─── Working data

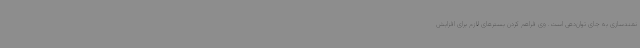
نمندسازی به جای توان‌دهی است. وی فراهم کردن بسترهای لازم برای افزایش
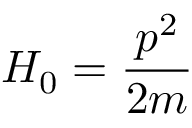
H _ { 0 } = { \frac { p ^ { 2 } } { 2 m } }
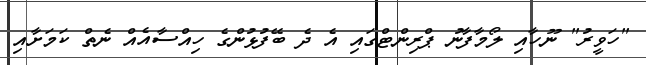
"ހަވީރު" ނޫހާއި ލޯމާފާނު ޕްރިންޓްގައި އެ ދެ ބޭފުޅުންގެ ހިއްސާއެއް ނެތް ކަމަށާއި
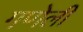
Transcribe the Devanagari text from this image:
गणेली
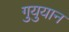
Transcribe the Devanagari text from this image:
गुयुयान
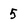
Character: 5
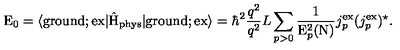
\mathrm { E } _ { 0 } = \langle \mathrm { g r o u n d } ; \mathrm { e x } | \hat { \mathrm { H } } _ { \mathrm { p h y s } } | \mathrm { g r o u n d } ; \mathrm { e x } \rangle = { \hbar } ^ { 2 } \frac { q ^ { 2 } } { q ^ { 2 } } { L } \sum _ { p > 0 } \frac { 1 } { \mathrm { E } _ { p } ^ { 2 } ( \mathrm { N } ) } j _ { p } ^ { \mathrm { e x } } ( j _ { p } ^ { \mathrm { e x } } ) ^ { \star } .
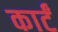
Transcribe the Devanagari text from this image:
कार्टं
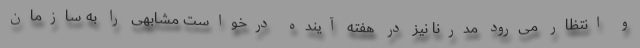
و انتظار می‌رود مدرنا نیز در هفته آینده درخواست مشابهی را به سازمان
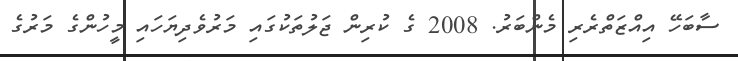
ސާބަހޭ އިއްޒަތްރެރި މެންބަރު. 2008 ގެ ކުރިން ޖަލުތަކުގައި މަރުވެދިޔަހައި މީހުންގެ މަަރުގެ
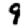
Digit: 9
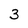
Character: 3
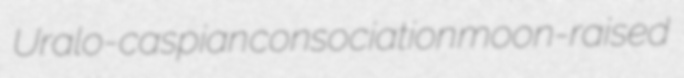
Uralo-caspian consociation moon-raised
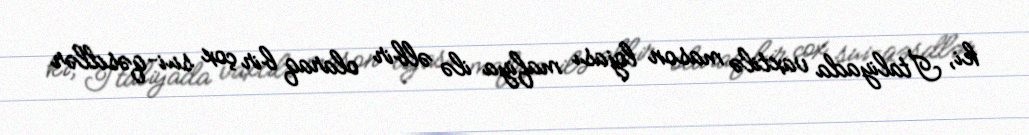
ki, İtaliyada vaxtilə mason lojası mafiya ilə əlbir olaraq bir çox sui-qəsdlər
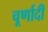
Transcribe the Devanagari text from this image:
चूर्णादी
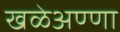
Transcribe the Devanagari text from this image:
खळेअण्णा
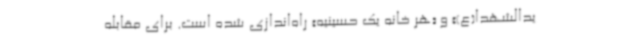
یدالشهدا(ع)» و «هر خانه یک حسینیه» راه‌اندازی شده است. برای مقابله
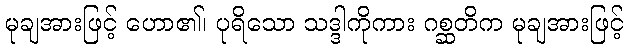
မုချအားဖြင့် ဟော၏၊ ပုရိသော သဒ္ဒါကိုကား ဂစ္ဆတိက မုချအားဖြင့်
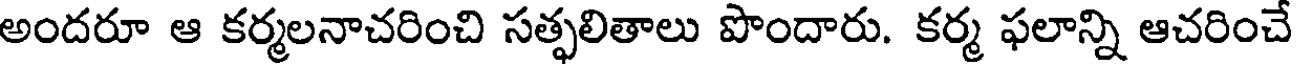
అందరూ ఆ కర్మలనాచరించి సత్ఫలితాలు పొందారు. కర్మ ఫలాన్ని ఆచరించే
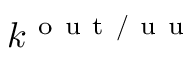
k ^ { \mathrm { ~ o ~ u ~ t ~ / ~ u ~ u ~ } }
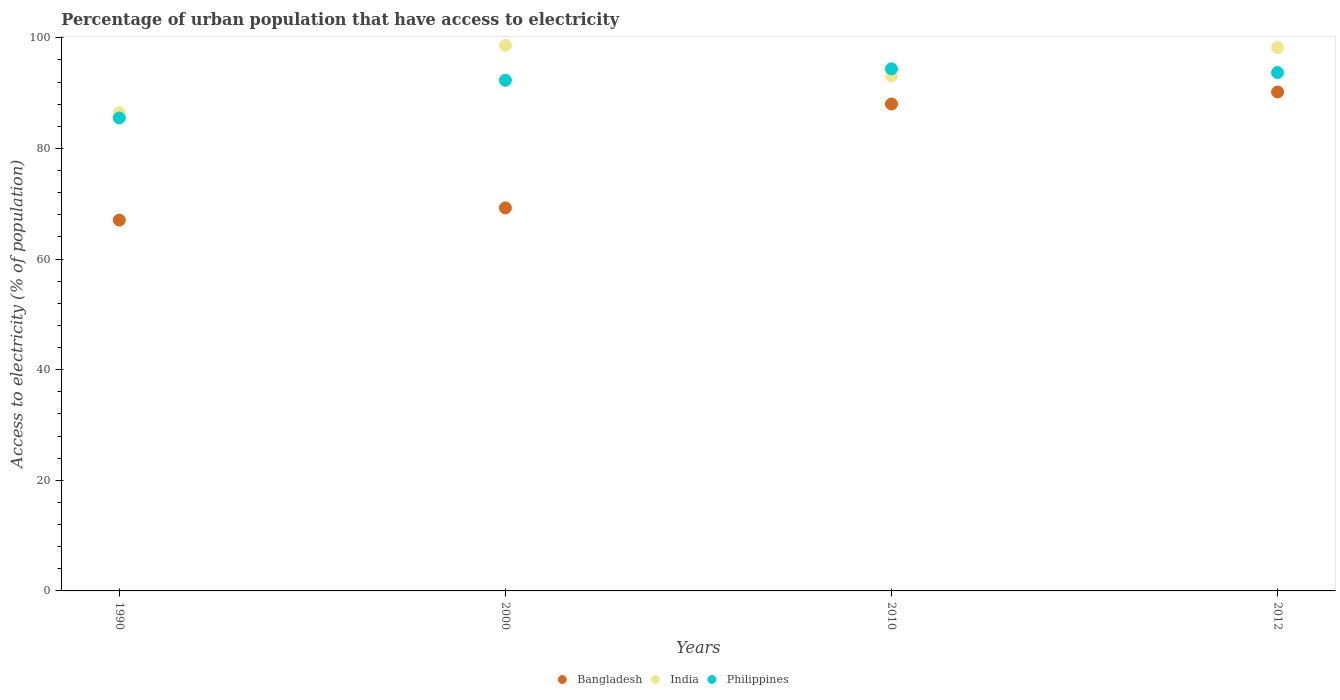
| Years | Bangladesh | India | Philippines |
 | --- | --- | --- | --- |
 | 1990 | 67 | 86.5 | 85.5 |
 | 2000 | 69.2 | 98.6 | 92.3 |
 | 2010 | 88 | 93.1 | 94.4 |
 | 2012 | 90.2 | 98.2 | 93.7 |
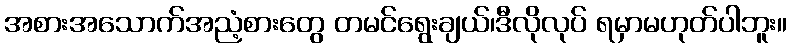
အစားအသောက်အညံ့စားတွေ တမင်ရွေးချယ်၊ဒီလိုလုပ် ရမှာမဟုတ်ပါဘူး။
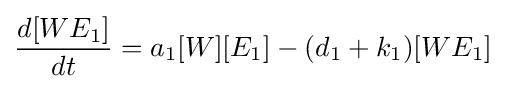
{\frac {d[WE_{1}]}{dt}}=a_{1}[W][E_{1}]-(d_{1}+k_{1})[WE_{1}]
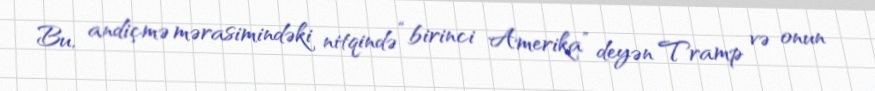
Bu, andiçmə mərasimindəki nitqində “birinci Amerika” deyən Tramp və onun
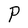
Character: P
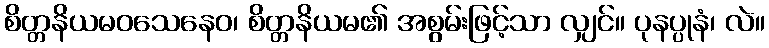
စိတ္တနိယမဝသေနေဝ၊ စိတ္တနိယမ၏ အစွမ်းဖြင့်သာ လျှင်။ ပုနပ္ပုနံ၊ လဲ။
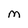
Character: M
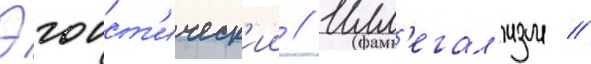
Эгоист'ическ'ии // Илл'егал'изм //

──────

» Exercise brief:
When pictures appear among the entries, skip them and copy all remaining text precisely.

» The answer:
نمندسازی به جای توان‌دهی است. وی فراهم کردن بسترهای لازم برای افزایش
H _ { 0 } = { \frac { p ^ { 2 } } { 2 m } }
"ހަވީރު" ނޫހާއި ލޯމާފާނު ޕްރިންޓްގައި އެ ދެ ބޭފުޅުންގެ ހިއްސާއެއް ނެތް ކަމަށާއި
Transcribe the Devanagari text from this image:
गणेली
Transcribe the Devanagari text from this image:
गुयुयान
Character: 5
\mathrm { E } _ { 0 } = \langle \mathrm { g r o u n d } ; \mathrm { e x } | \hat { \mathrm { H } } _ { \mathrm { p h y s } } | \mathrm { g r o u n d } ; \mathrm { e x } \rangle = { \hbar } ^ { 2 } \frac { q ^ { 2 } } { q ^ { 2 } } { L } \sum _ { p > 0 } \frac { 1 } { \mathrm { E } _ { p } ^ { 2 } ( \mathrm { N } ) } j _ { p } ^ { \mathrm { e x } } ( j _ { p } ^ { \mathrm { e x } } ) ^ { \star } .
Transcribe the Devanagari text from this image:
कार्टं
و انتظار می‌رود مدرنا نیز در هفته آینده درخواست مشابهی را به سازمان
ސާބަހޭ އިއްޒަތްރެރި މެންބަރު. 2008 ގެ ކުރިން ޖަލުތަކުގައި މަރުވެދިޔަހައި މީހުންގެ މަަރުގެ
Digit: 9
Character: 3
Uralo-caspian consociation moon-raised
ki, İtaliyada vaxtilə mason lojası mafiya ilə əlbir olaraq bir çox sui-qəsdlər
Transcribe the Devanagari text from this image:
चूर्णादी
Transcribe the Devanagari text from this image:
खळेअण्णा
یدالشهدا(ع)» و «هر خانه یک حسینیه» راه‌اندازی شده است. برای مقابله
မုချအားဖြင့် ဟော၏၊ ပုရိသော သဒ္ဒါကိုကား ဂစ္ဆတိက မုချအားဖြင့်
అందరూ ఆ కర్మలనాచరించి సత్ఫలితాలు పొందారు. కర్మ ఫలాన్ని ఆచరించే
k ^ { \mathrm { ~ o ~ u ~ t ~ / ~ u ~ u ~ } }
| Years | Bangladesh | India | Philippines |
 | --- | --- | --- | --- |
 | 1990 | 67 | 86.5 | 85.5 |
 | 2000 | 69.2 | 98.6 | 92.3 |
 | 2010 | 88 | 93.1 | 94.4 |
 | 2012 | 90.2 | 98.2 | 93.7 |
အစားအသောက်အညံ့စားတွေ တမင်ရွေးချယ်၊ဒီလိုလုပ် ရမှာမဟုတ်ပါဘူး။
{\frac {d[WE_{1}]}{dt}}=a_{1}[W][E_{1}]-(d_{1}+k_{1})[WE_{1}]
Bu, andiçmə mərasimindəki nitqində “birinci Amerika” deyən Tramp və onun
Character: P
စိတ္တနိယမဝသေနေဝ၊ စိတ္တနိယမ၏ အစွမ်းဖြင့်သာ လျှင်။ ပုနပ္ပုနံ၊ လဲ။
Character: M
Эгоист'ическ'ии // Илл'егал'изм //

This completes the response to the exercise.